Important information: The value of investments and the income from them can go down as well as up, so you may get back less than you invest.
The sharp increase in inflation and interest rates over the last two years has created a difficult backdrop for bonds, many of which have experienced significant price falls, with the yields rising accordingly. Recently however there have been signs of a recovery, mainly due to the growing belief that the rate hiking cycle may be over.
Nothing is certain, as it all depends on the inflation and economic data going forwards, but the Federal Reserve, Bank of England and European Central Bank have all intimated that interest rates are close to peaking. If this turns out to be the case then bond prices should rise, offering the prospect of capital gains on top of the income.
Another argument in their favour is their value as a diversifier. There is a risk that high interest rates could trigger a severe recession, which may send many share prices lower, but could accelerate the pace of rate cuts and be beneficial for parts of the bond market.
Higher-quality credit, such as government bonds and investment-grade corporate bonds, should hold up better during an economic slowdown and offer more attractive yields than they have done for years. There are several options like this in our Select 50 list of handpicked funds for anyone who wants to go down this route.

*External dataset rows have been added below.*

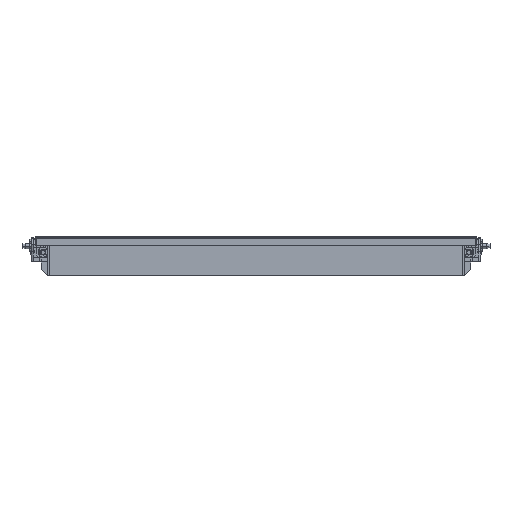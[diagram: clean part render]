
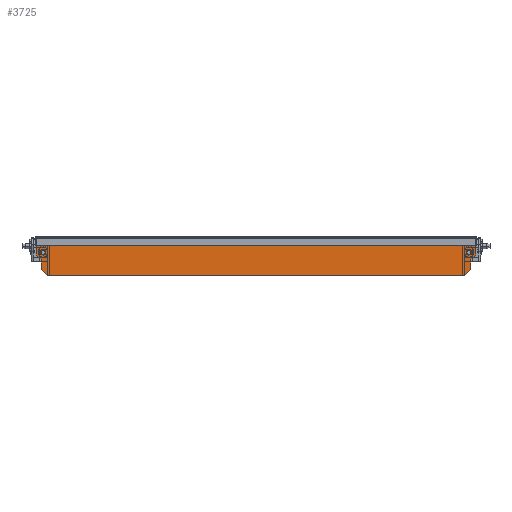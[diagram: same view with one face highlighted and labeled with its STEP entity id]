
A CAD part, front view. The second image highlights one B-rep face of the part: STEP entity #3725.
In plain terms, the highlighted planar face has unit normal (0, -1, 0).
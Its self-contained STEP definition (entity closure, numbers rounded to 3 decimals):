
#3725=ADVANCED_FACE('',(#8778,#8779,#8780),#8781,.T.);
#8778=FACE_BOUND('',#15828,.T.);
#8779=FACE_BOUND('',#15829,.T.);
#8780=FACE_OUTER_BOUND('',#15830,.T.);
#8781=PLANE('',#15831);
#15828=EDGE_LOOP('',(#24245,#24246));
#15829=EDGE_LOOP('',(#24247,#24248));
#15830=EDGE_LOOP('',(#24249,#24250,#24251,#24252,#24253,#24254,#24255,#24256,#24257,#24258));
#15831=AXIS2_PLACEMENT_3D('',#24259,#24260,#24261);
#24245=ORIENTED_EDGE('',*,*,#43328,.T.);
#24246=ORIENTED_EDGE('',*,*,#43398,.T.);
#24247=ORIENTED_EDGE('',*,*,#43323,.T.);
#24248=ORIENTED_EDGE('',*,*,#43402,.T.);
#24249=ORIENTED_EDGE('',*,*,#43408,.T.);
#24250=ORIENTED_EDGE('',*,*,#43414,.T.);
#24251=ORIENTED_EDGE('',*,*,#43415,.T.);
#24252=ORIENTED_EDGE('',*,*,#43416,.T.);
#24253=ORIENTED_EDGE('',*,*,#43417,.T.);
#24254=ORIENTED_EDGE('',*,*,#43360,.T.);
#24255=ORIENTED_EDGE('',*,*,#43418,.F.);
#24256=ORIENTED_EDGE('',*,*,#43380,.T.);
#24257=ORIENTED_EDGE('',*,*,#43419,.T.);
#24258=ORIENTED_EDGE('',*,*,#43410,.T.);
#24259=CARTESIAN_POINT('',(17.5,46.0,41.125));
#24260=DIRECTION('',(0.0,-1.0,0.0));
#24261=DIRECTION('',(0.0,0.0,-1.0));
#43323=EDGE_CURVE('',#51725,#51722,#51726,.T.);
#43328=EDGE_CURVE('',#51734,#51731,#51735,.T.);
#43360=EDGE_CURVE('',#51790,#51788,#51791,.T.);
#43380=EDGE_CURVE('',#51821,#51819,#51822,.T.);
#43398=EDGE_CURVE('',#51731,#51734,#51846,.T.);
#43402=EDGE_CURVE('',#51722,#51725,#51850,.T.);
#43408=EDGE_CURVE('',#51854,#51858,#51860,.T.);
#43410=EDGE_CURVE('',#51862,#51854,#51863,.T.);
#43414=EDGE_CURVE('',#51858,#51868,#51869,.T.);
#43415=EDGE_CURVE('',#51868,#51870,#51871,.T.);
#43416=EDGE_CURVE('',#51870,#51872,#51873,.T.);
#43417=EDGE_CURVE('',#51872,#51790,#51874,.T.);
#43418=EDGE_CURVE('',#51821,#51788,#51875,.T.);
#43419=EDGE_CURVE('',#51819,#51862,#51876,.T.);
#51722=VERTEX_POINT('',#63876);
#51725=VERTEX_POINT('',#63880);
#51726=CIRCLE('',#63881,3.3);
#51731=VERTEX_POINT('',#63887);
#51734=VERTEX_POINT('',#63891);
#51735=CIRCLE('',#63892,3.3);
#51788=VERTEX_POINT('',#63959);
#51790=VERTEX_POINT('',#63961);
#51791=LINE('',#63962,#63963);
#51819=VERTEX_POINT('',#64002);
#51821=VERTEX_POINT('',#64005);
#51822=LINE('',#64006,#64007);
#51846=CIRCLE('',#64036,3.3);
#51850=CIRCLE('',#64040,3.3);
#51854=VERTEX_POINT('',#64044);
#51858=VERTEX_POINT('',#64050);
#51860=LINE('',#64053,#64054);
#51862=VERTEX_POINT('',#64056);
#51863=LINE('',#64057,#64058);
#51868=VERTEX_POINT('',#64065);
#51869=LINE('',#64066,#64067);
#51870=VERTEX_POINT('',#64068);
#51871=LINE('',#64069,#64070);
#51872=VERTEX_POINT('',#64071);
#51873=LINE('',#64072,#64073);
#51874=LINE('',#64074,#64075);
#51875=LINE('',#64076,#64077);
#51876=LINE('',#64078,#64079);
#63876=CARTESIAN_POINT('',(28.8,46.0,28.5));
#63880=CARTESIAN_POINT('',(22.2,46.0,28.5));
#63881=AXIS2_PLACEMENT_3D('',#82773,#82774,#82775);
#63887=CARTESIAN_POINT('',(544.8,46.0,28.5));
#63891=CARTESIAN_POINT('',(538.2,46.0,28.5));
#63892=AXIS2_PLACEMENT_3D('',#82781,#82782,#82783);
#63959=CARTESIAN_POINT('',(549.5,46.0,45.5));
#63961=CARTESIAN_POINT('',(549.5,46.0,25.2));
#63962=CARTESIAN_POINT('',(549.5,46.0,22.75));
#63963=VECTOR('',#82828,1.0);
#64002=CARTESIAN_POINT('',(17.5,46.0,25.2));
#64005=CARTESIAN_POINT('',(17.5,46.0,45.5));
#64006=CARTESIAN_POINT('',(17.5,46.0,22.75));
#64007=VECTOR('',#82853,1.0);
#64036=AXIS2_PLACEMENT_3D('',#82883,#82884,#82885);
#64040=AXIS2_PLACEMENT_3D('',#82889,#82890,#82891);
#64044=CARTESIAN_POINT('',(23.2,46.0,7.5));
#64050=CARTESIAN_POINT('',(30.7,46.0,0.0));
#64053=CARTESIAN_POINT('',(14.467,46.0,16.233));
#64054=VECTOR('',#82895,1.0);
#64056=CARTESIAN_POINT('',(23.2,46.0,19.5));
#64057=CARTESIAN_POINT('',(23.2,46.0,25.313));
#64058=VECTOR('',#82896,1.0);
#64065=CARTESIAN_POINT('',(536.3,46.0,0.0));
#64066=CARTESIAN_POINT('',(283.5,46.0,0.0));
#64067=VECTOR('',#82899,1.0);
#64068=CARTESIAN_POINT('',(543.8,46.0,7.5));
#64069=CARTESIAN_POINT('',(419.533,46.0,-116.767));
#64070=VECTOR('',#82900,1.0);
#64071=CARTESIAN_POINT('',(543.8,46.0,19.5));
#64072=CARTESIAN_POINT('',(543.8,46.0,25.313));
#64073=VECTOR('',#82901,1.0);
#64074=CARTESIAN_POINT('',(419.399,46.0,-104.901));
#64075=VECTOR('',#82902,1.0);
#64076=CARTESIAN_POINT('',(17.5,46.0,45.5));
#64077=VECTOR('',#82903,1.0);
#64078=CARTESIAN_POINT('',(14.601,46.0,28.099));
#64079=VECTOR('',#82904,1.0);
#82773=CARTESIAN_POINT('',(25.5,46.0,28.5));
#82774=DIRECTION('',(-0.0,1.0,0.0));
#82775=DIRECTION('',(1.0,0.0,0.0));
#82781=CARTESIAN_POINT('',(541.5,46.0,28.5));
#82782=DIRECTION('',(-0.0,1.0,0.0));
#82783=DIRECTION('',(1.0,0.0,0.0));
#82828=DIRECTION('',(0.0,0.0,1.0));
#82853=DIRECTION('',(0.0,0.0,-1.0));
#82883=CARTESIAN_POINT('',(541.5,46.0,28.5));
#82884=DIRECTION('',(-0.0,1.0,0.0));
#82885=DIRECTION('',(1.0,0.0,0.0));
#82889=CARTESIAN_POINT('',(25.5,46.0,28.5));
#82890=DIRECTION('',(-0.0,1.0,0.0));
#82891=DIRECTION('',(1.0,0.0,0.0));
#82895=DIRECTION('',(0.707,0.0,-0.707));
#82896=DIRECTION('',(-0.0,-0.0,-1.0));
#82899=DIRECTION('',(1.0,0.0,0.0));
#82900=DIRECTION('',(0.707,0.0,0.707));
#82901=DIRECTION('',(-0.0,0.0,1.0));
#82902=DIRECTION('',(0.707,0.0,0.707));
#82903=DIRECTION('',(1.0,0.0,0.0));
#82904=DIRECTION('',(0.707,0.0,-0.707));

One such is the Colchester Global Bond Fund that mainly invests in government debt from around the world. This gives it plenty of flexibility to protect investors’ capital and add value, with the current distribution yield being 2.42%. Please note this is not guaranteed.
Another possibility is the iShares Overseas Government Bond Index Fund that tracks a benchmark of international government debt excluding the UK. It has a slightly lower distribution yield of 2.19%.
The M&G Corporate Bond Fund holds at least 70% of its portfolio in investment grade bonds denominated or hedged back into sterling, but can also invest in government and high yield debt. Corporates typically pay a higher income, hence the distribution yield of 3.89%.
A higher risk alternative is M&G Global Macro Bond Fund that invests the majority of its assets in government and corporate bonds from anywhere in the world including emerging markets. It has a longer modified duration of 7.53 years and is exposed to a host of different currencies, but has a higher distribution yield of 4.63% to compensate.
More cautious investors may prefer to invest in short-dated, government or high-quality corporate bonds. These are less sensitive to inflation and interest rates and could offer a decent low-risk return with the potential to outperform cash.
One option that provides this type of exposure is the AXA Sterling Credit Short Duration Bond Fund, which invests the majority of its assets in sterling denominated investment grade bonds with a bias towards shorter maturities. It holds a low-risk portfolio targeting modest but reliable interest payments and has an underlying yield of 3.7%.
Alternatively there is the passively managed Vanguard Global Short-Term Bond Index Fund that has a much higher proportion of its assets invested in government related bonds. Some would argue that this makes it lower risk than other types of bonds, which could explain the lower yield of 1.96%.
In total there are 11 bond funds on the Select 50 to choose from, covering a wide variety of bonds issued by governments and companies from around the world.